Catherine Ladousse, pré­si­dente du Cercle InterElles, a côtoyé la nou­velle ministre dans ce réseau de femmes d’entreprises de haute tech­no­lo­gie et au groupe Lenovo. L’ancienne direc­trice de la com­mu­ni­ca­tion appelle à ne pas s’arrêter sur « des petites phrases ». « Élisabeth Moreno a évo­lué comme moi dans un milieu très mas­cu­lin, et où mal­heu­reu­se­ment des déra­pages existent. Cela ne nous empêche pas d’être vigi­lantes.
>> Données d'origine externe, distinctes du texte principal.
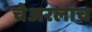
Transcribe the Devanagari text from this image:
चेअरलाच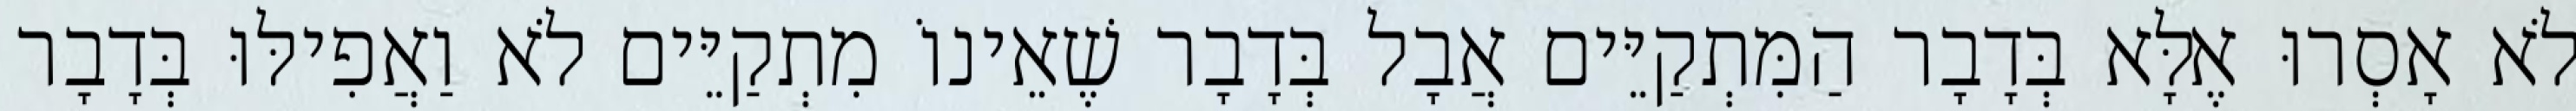
לֹא אָסְרוּ אֶלָּא בְּדָבָר הַמִּתְקַיֵּים אֲבָל בְּדָבָר שֶׁאֵינוֹ מִתְקַיֵּים לֹא וַאֲפִילּוּ בְּדָבָר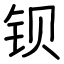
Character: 钡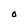
Character: O

Laissons-​lui la pos­si­bi­li­té d’exercer et jugeons-​la à l’œuvre », défend-​elle. Elle ajoute tou­te­fois que l’inquiétude demeure à s’assurer que « la ques­tion des droits des femmes reste bien la prio­ri­té et la grande cause du quin­quen­nat comme annon­cé par le pré­sident Macron ».

Toujours pas de minis­tère de plein exercice

Enfin, les fémi­nistes n’oublient pas une autre pro­messe de cam­pagne du pré­sident Macron d’un minis­tère plein pour l’Égalité. « On est pas­sé certes d’un secré­ta­riat d’État à un minis­tère délé­gué, mais ce n’est pas encore un minis­tère de plein exer­cice », rap­pelle Maxime Ruszniewski. 
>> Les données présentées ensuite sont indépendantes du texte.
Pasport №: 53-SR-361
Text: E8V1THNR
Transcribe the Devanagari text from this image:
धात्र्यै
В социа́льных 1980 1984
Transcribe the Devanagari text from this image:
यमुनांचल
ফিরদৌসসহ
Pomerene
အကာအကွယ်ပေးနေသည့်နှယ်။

Que pen­ser éga­le­ment de ce minis­tère délé­gué à l’Égalité femmes-​hommes, à la Diversité et à l’Égalité des chances ? Un por­te­feuille fourre-​tout ? « Tout est une ques­tion de moyens », selon Raphaëlle Rémy-​Leleu, qui défend « une poli­tique fémi­niste trans­mi­nis­té­rielle avec, par exemple, l’Intérieur, la Justice et la Santé ». Maxime Ruszniewski, lui, voit bien des liens entre les dif­fé­rentes formes de dis­cri­mi­na­tions, notam­ment les inéga­li­tés de genres et l’homophobie. Mais il recon­naît la dif­fi­cul­té de trai­ter toutes ces dis­cri­mi­na­tions dans un seul minis­tère sachant qu’elles ont des res­sorts dif­fé­rents. Selon l’ancien conseiller, « l’ampleur des inéga­li­tés dans ce pays est telle qu’on pour­rait ima­gi­ner plu­sieurs minis­tères dédiés comme pour l’agriculture qui dis­pose de plu­sieurs sous-ministères. »

Pour Laura Jovignot, l’urgence est ailleurs : « Il fau­drait qu’Élisabeth Moreno nous écoute et qu’elle prenne posi­tion contre la nomi­na­tion de Darmanin et de Dupond-​Moretti. Ce serait un pre­mier geste fort. » « C'est impos­sible », selon Raphaëlle Rémy-​Leleu, qui appelle « à ne pas mettre sur le dos de la ministre la res­pon­sa­bi­li­té d’un choix poli­tique qui ne lui revient pas ».

À en croire le pro­fil LinkedIn d’Élisabeth Moreno : « Il faut tou­jours viser la Lune, car même en cas d’échec, on atter­rit dans les étoiles » (Oscar Wilde). Presque comme Amel Bent. Pourvu que cette ambi­tion se véri­fie aus­si en poli­tique… Au nom des droits des femmes.